Additional information:
Identity used in order to solve this question:
\[{\sin ^2}\theta + {\cos ^2}\theta = 1\],
\[{\left( {a + b} \right)^2} = {a^2} + {b^2} + 2ab\]
\[{\left( {a - b} \right)^2} = {a^2} + {b^2} - 2ab\]

Note: To solve this type of question we have to eliminate trigonometric function. So for eliminating try to use trigonometry identity that are
\[{\sin ^2}\theta + {\cos ^2}\theta = 1\],
\[1 + {\tan ^2}\theta = {\sec ^2}\theta \] and
\[1 + {\cot ^2}\theta = co{\sec ^2}\theta \]

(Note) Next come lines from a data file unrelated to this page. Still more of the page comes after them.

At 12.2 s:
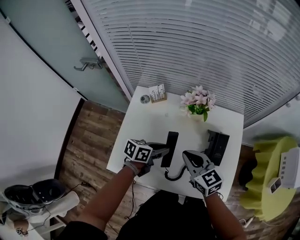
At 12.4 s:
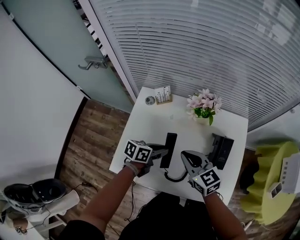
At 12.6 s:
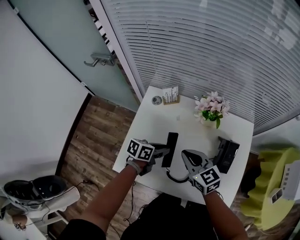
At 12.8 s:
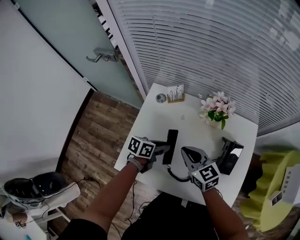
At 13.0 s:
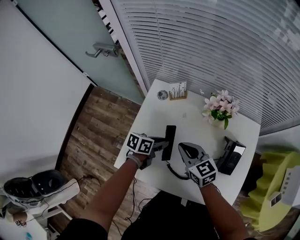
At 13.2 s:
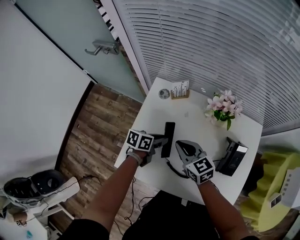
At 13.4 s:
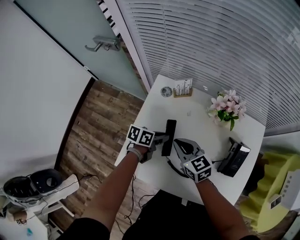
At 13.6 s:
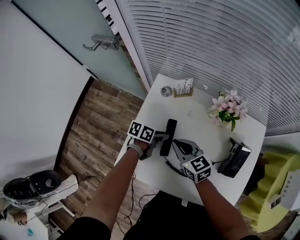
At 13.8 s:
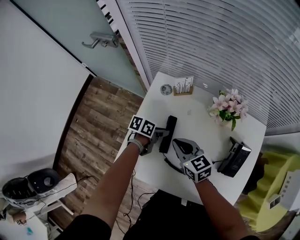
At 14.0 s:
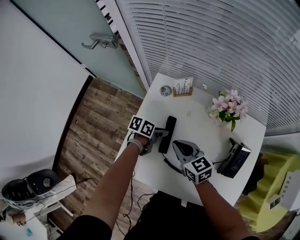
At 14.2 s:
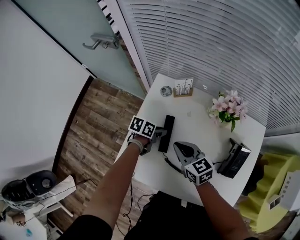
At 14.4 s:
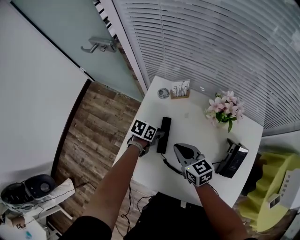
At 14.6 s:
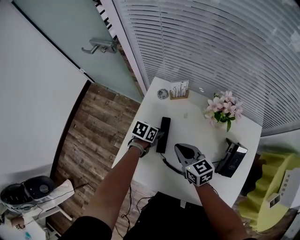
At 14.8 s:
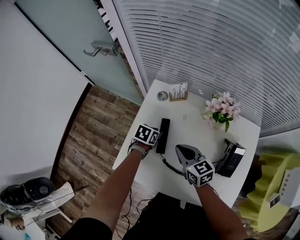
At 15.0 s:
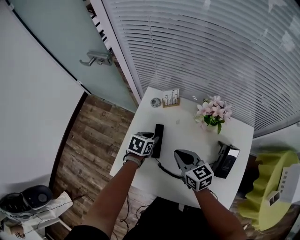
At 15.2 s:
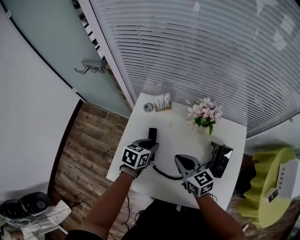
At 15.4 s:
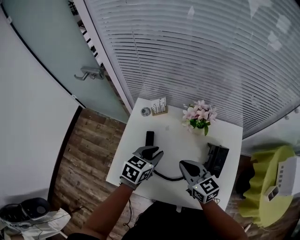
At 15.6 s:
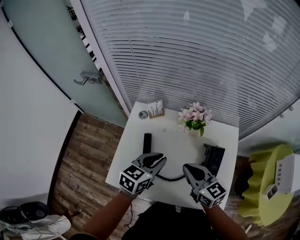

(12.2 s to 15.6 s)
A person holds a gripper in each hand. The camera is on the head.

We have to square both sides. If we are not able to use this identity directly then make some changes. You may commit mistakes like directly adding both equations and trying to eliminate trigonometric functions from there. Use the correct identities to make calculations simpler and easier.